Sharing Parents is a self help, peer support group. Our services are free and we are run entirely by volunteers who have had a pregnancy or early infancy loss. Our meetings are held at Mercy Women’s Center, 650 Howe Ave, Suite 530, Sacramento, CA. We offer three main types of support meetings:
Sharing Parents Meeting Options
• General Meetings are for parents who are looking to work through their grief and receive support from other parents regardless of how long ago their loss(es) occurred. General Meetings meet the second Sunday of the month from 7-9pm with the exception of May and October.
• Subsequent Pregnancy Meetings are for parents who are pregnant or are considering a future subsequent pregnancy. Subsequent Pregnancy Meetings are held the fourth Sunday of the month from 7-9pm with the exception of December.

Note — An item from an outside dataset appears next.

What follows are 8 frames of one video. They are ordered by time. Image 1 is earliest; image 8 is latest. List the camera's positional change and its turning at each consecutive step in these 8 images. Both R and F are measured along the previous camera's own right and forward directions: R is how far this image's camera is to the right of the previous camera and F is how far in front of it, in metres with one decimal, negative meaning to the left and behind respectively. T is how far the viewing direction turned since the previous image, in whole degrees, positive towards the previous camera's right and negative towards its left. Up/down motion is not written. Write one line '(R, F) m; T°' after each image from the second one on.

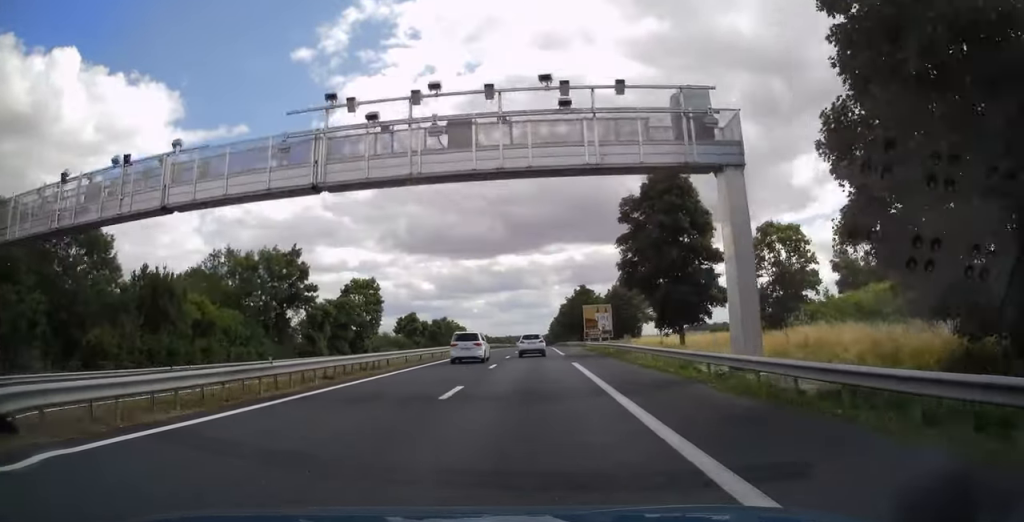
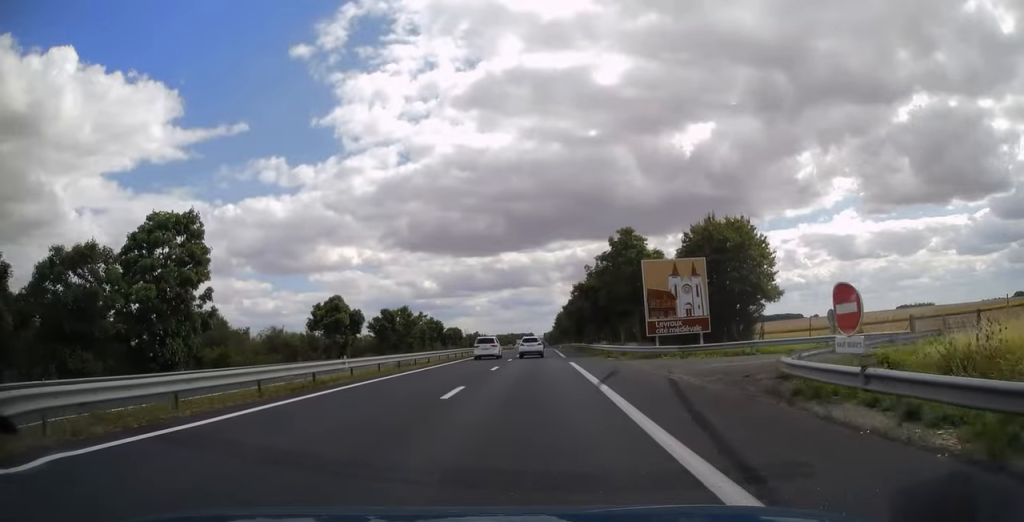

• Short Term Grief is a month long series of weekly meetings with the same group of parents within a year of their loss. We explore grief and the grieving process. Registration is required to attend our Short Term Grief Series.
Since the time when President Regan’s speech brought heightened awareness to pregnancy and infant loss, October 15 has become internationally recognized as “Pregnancy and Infant Loss Remembrance Day.” On October 15th everyone in all time zones all across the world is encouraged to light a candle at 7pm and keep the candle lit for one hour. With this simple act, we are creating a continuous wave of light all across the world. In place of our October General Meeting, Sharing Parents holds a non-denominational memorial service which recognizes and honors our dead babies. This year’s October Memorial will be October, 14, 2012 from 3-5pm.
Anyone who has had a pregnancy or infant loss is invited to attend. The ceremony takes place in the State Capitol Park World Peace Rose Garden whose theme is Peace for Women, Children and Families. The Sharing Parents October Memorial is a time of sharing and remembering that includes a candle ceremony, special music, and a dove release.